Documentaries and family histories have a near-constant, potent bond. Seasoned practitioners and newbies to the specific form seem persistently drawn to excavating the depths of difficult, thorny family truths so as to understand their own decisions, attitudes, and predilections. It is as if the format encourages them to unpack personal histories through an empathetic, inquisitive lens. Not every project’s payoff lands. Some may just border on indulgence, while others manage to snake into intimate confessionals that reaffirm the power of the format to investigate, unravel, and better understand.

Documentaries are laden with a spirit of inward-bending exploration, fomenting a space where people try to dig deep into what and who preceded them, locating both direct and invisible links between the past and present and edging towards pained, albeit necessary realizations about their own selves. The process must be emotionally demanding, enormously taxing, and strewn with tough questions. How much do the subjects reveal, and does that process of building an intimate acquaintance shift the documentary’s capacity to burrow into one’s soul and map out uncomfortable, stewing stories? Suzanne Raes’ film, “Where Dragons Live,” doesn’t draw from her own experiences but peeks into the crevices of the Impey family history.

As the Impeys’ old family home, the magnificent Cumnor house in Oxfordshire, is perched on the anvil of sale, children and grandchildren reckon with its legacy and their ancestry and confront bitter, unpleasant, and despairing assertions. It is a staggering house, one with forty-seven roof slopes and eighteen chimneys. Having all the bearings of a ‘creepy, haunted house’ as someone describes it, the house and the estate are depicted as a space that encourages an imagination to run wild, and fear casts a spell. The implications of holding on to it are debated in a scene between the teenage grandchildren. The grandson endorses a pragmatic bent of choice, reiterating steep maintenance costs and pronouncing that their grandmother, Jane, is surely more than just the house. The granddaughter leans more, however, to keeping the house.

The film sharply delineates differences in how the children of Jane and her husband, Oliver, grew up while calmly unraveling not-so-rosy pictures of family bonds.
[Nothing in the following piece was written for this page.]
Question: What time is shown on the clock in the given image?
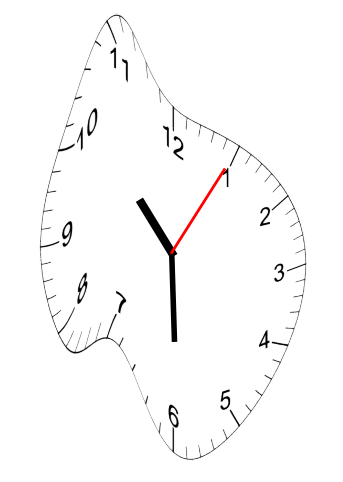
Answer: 10:30:05
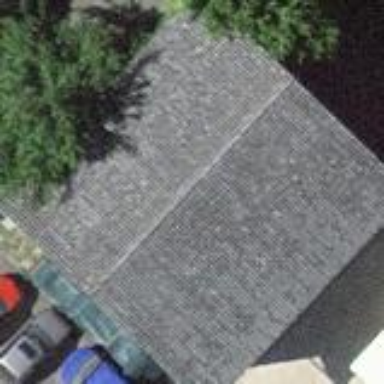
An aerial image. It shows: Barn.

As much as being in the house, surrounded by all sorts of peculiar, fascinating curios and emblems of their parents’ individual obsessions and proclivities, both Harriet’s and her brothers’ childhoods come off as filled with unique, differentiating kinds of emotional burdens and punishing expectations.

Where Dragons Live (2024) ‘Sheffield DocFest’ Movie Review
A still from “Where Dragons Live” (2024)

Each of the siblings was held to varying standards, thereby divided in memories of their parents, who may not have acted as conventionally nurturing, ever-present forces in their lives. The parents demanded exceptional brilliance from their sons, one more than the other. They’d unmindfully dole out a casually cruel remark when a son called out blatantly discriminatory behavior as if it didn’t matter to them what emotional and mental consequences their words and deeds wielded. But it was Harriet who was closest to their father, gleefully delighting in shared in-jokes as well as inheriting his dragon-fetish.
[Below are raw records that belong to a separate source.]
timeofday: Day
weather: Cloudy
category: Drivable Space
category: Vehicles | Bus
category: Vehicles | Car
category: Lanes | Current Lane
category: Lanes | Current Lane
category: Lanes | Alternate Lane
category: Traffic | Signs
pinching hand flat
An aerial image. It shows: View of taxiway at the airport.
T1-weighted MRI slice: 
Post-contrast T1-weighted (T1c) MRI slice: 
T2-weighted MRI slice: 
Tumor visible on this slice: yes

Possessing a scientific temper, Jane was singular and ruthless in her pursuits. While her husband couldn’t have been a bigger cheerleader, the couple didn’t pause to reflect on the ramifications of the life they led, especially on their children. They were unstinting, rigorous, and so driven. The biggest sins in their book were a life that didn’t bury itself in ceaseless work and demonstrated a lack of an observant eye. Did they bother to pay attention to the way they dealt with their kids? Harriet wonders.

Nevertheless, as imposing and distant as she might have been, Jane’s quirks and odd habits embossed themselves in everyone’s mind. She had all sorts of peculiar stipulations. A sofa in the house could only be occupied by women, while every other piece of cutlery or utility in the house carried a note of instruction. A bunch of knives had a scrap of paper tied to it, warning to handle with caution.

Any traces of probable resentment and antipathy directed at either her or Oliver were offset with the affection and longing that inherently and tightly locked both parent and child in a grip. Suzanne Raes travels through the intricate conflicts interweaving among her subjects with ease, yet never sacrificing the complex, full-spectrum range of colliding memories. “Where Dragons Live” is a tremendously delicate dissection of legacy and remembrance.

Where Dragons Live premiered at Sheffield DocFest 2024.